SGD can fail for several common reasons.

A learning rate that is too high may cause the loss to explode or become `nan`.

A learning rate that is too low may produce almost no progress.

Unshuffled data may lead to biased minibatches.

Poor feature scaling may make optimization slow, especially for linear models and shallow networks.

Exploding gradients may cause unstable updates in recurrent networks or very deep models.

Incorrect loss usage, such as applying softmax before `CrossEntropyLoss`, may damage numerical stability.

Most debugging starts with a small controlled experiment. Use a small dataset, confirm the model can overfit it, then scale up.

### SGD as the Baseline Optimizer

Many modern systems use AdamW or related adaptive optimizers. Even so, SGD remains important.

It is simple, stable, memory-efficient, and theoretically easier to analyze. In computer vision, SGD with momentum has historically been a strong baseline. In large language model training, adaptive methods are more common, but the same minibatch-gradient principle remains central.
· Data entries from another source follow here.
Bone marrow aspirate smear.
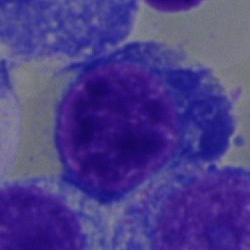 Specimen: bone marrow smear.
Cell: erythroblast.
Lineage: erythroid.
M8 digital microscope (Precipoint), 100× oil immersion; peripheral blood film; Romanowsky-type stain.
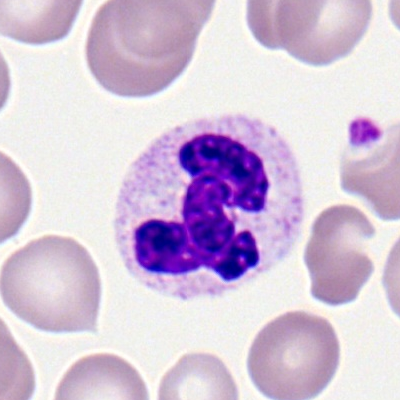Q: Which cell type is shown here?
A: It is a segmented neutrophil.
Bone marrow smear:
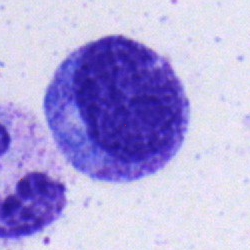
{"cell_type": "myelocyte"}
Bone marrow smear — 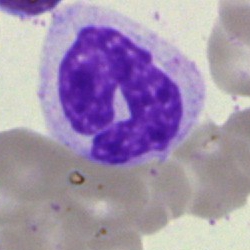 Showing a band neutrophil.
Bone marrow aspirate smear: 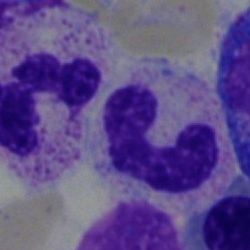

Morphology — polymorphonuclear neutrophil.
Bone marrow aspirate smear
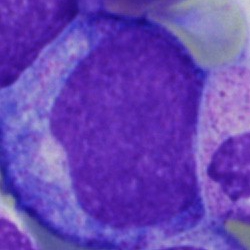
Impression — promyelocyte.
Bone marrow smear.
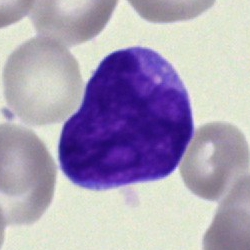
Morphology → blast cell.
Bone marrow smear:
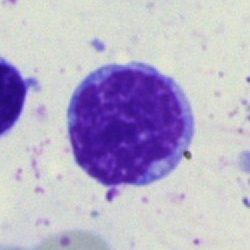The cell type is lymphocyte.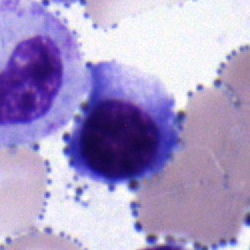 Cell type = erythroblast.
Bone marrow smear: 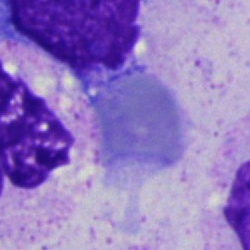 Classification = neutrophil (segmented).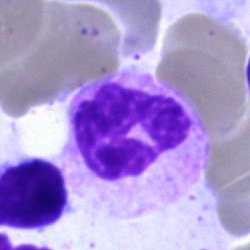

Morphology consistent with a polymorphonuclear neutrophil.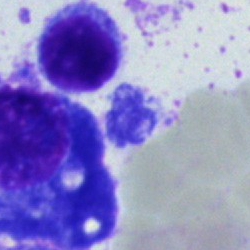 Single-cell crop from a bone marrow smear: plasma cell.
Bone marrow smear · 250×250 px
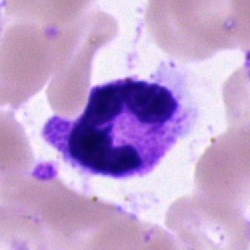
This is a segmented neutrophil.
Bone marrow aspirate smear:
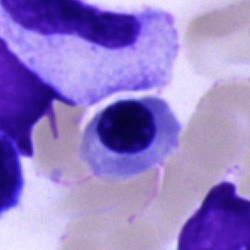 Single cell identified as a normoblast.
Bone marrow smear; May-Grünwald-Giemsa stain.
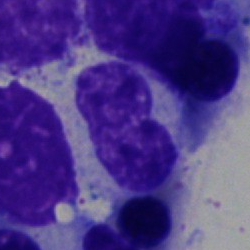

Morphology — band-form neutrophil.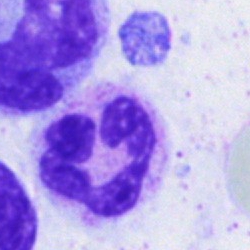 This is a segmented neutrophil.
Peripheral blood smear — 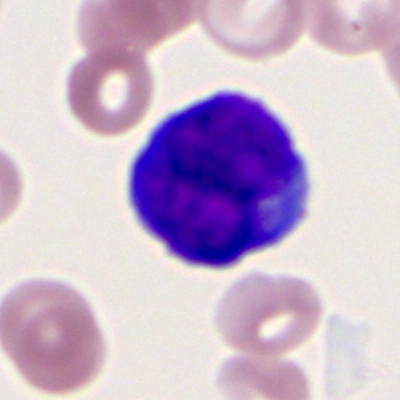

Showing a bilobed promyelocyte.
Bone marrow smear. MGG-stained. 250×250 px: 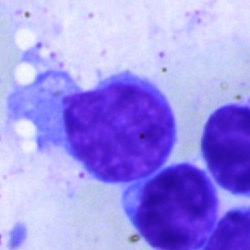 {"cell_type": "typical lymphocyte"}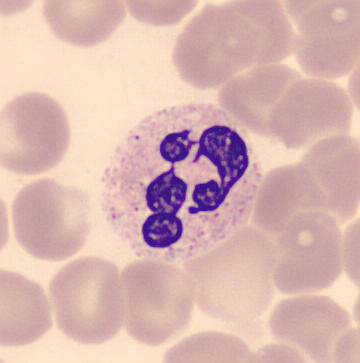Preparation: Single-cell crop; May-Grünwald-Giemsa-stained.
Specimen: peripheral blood film.
Morphological class: neutrophil (segmented).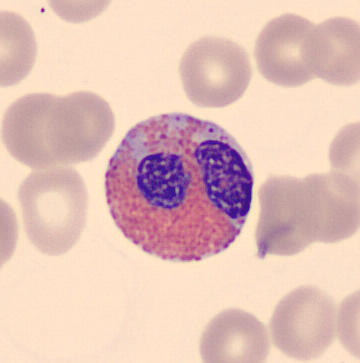
The cell shown is an eosinophil.
Preparation: Image size 360×363; automated cell imaging (CellaVision DM96); peripheral blood smear.
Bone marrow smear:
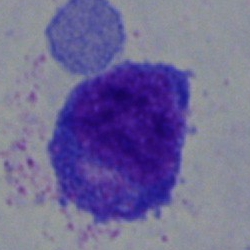

Q: Identify the cell.
A: It is a promyelocyte.
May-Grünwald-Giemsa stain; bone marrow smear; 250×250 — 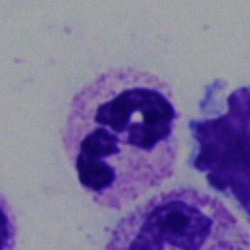

Q: What cell is this?
A: It is a neutrophil (segmented).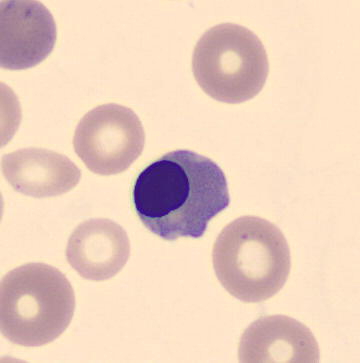
Acquisition: Peripheral blood film.

Showing a normoblast.
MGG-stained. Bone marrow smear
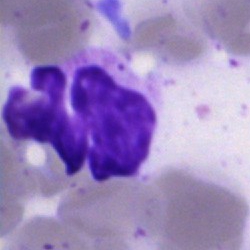

Q: What is shown here?
A: An artefact.
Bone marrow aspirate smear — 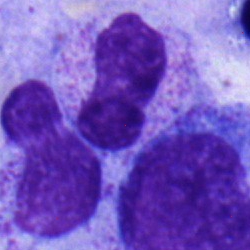 Classification — metamyelocyte.
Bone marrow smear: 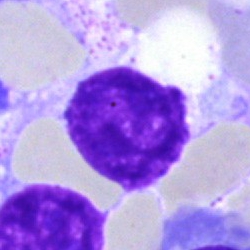Specimen: bone marrow aspirate smear.
Cell type: artifact.
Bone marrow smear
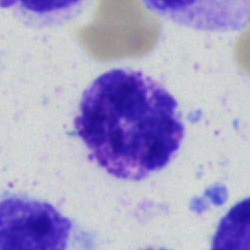 This is a basophilic granulocyte.
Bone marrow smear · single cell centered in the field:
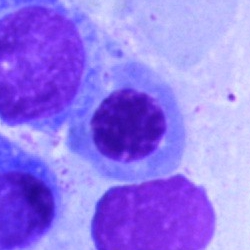{"cell_type": "nucleated red cell"}
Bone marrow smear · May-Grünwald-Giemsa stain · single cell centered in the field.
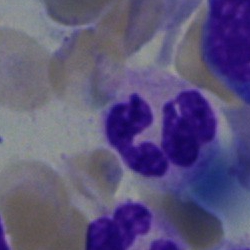 Specimen: bone marrow smear.
Classification: polymorphonuclear neutrophil.
Lineage: myeloid.
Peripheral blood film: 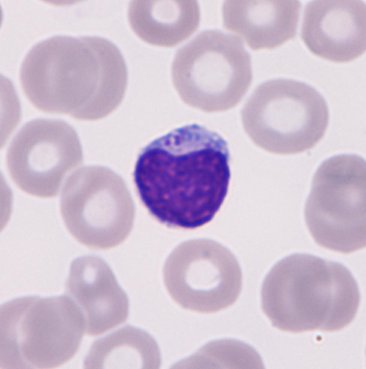Q: What is the morphological classification of this cell?
A: A typical lymphocyte.
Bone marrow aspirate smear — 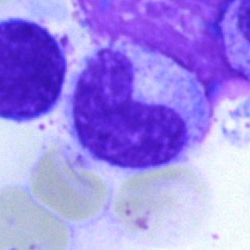Q: Which cell type is shown here?
A: Neutrophil (band).
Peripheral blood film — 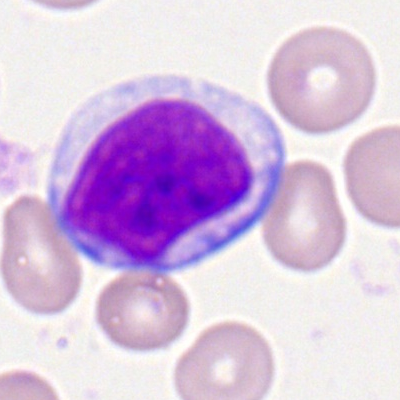

The cell shown is a myeloid blast.
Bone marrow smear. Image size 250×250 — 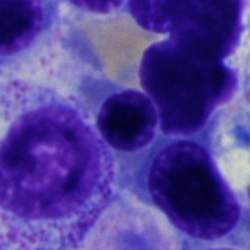 The classification is nucleated red cell.
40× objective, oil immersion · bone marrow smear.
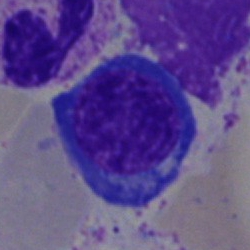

Understanding SGD makes later optimizers easier to understand. Momentum, RMSProp, Adam, and AdamW all modify how gradients are scaled, accumulated, or regularized.

### Summary

Stochastic gradient descent updates model parameters using gradients computed from randomly sampled examples or minibatches. It is cheaper than full-batch gradient descent and is the standard training method for neural networks.

In PyTorch, SGD is implemented with `torch.optim.SGD`. Practical SGD training depends on batch size, shuffling, learning rate, momentum, weight decay, and validation monitoring. The same training loop structure will be reused for deeper networks throughout this book.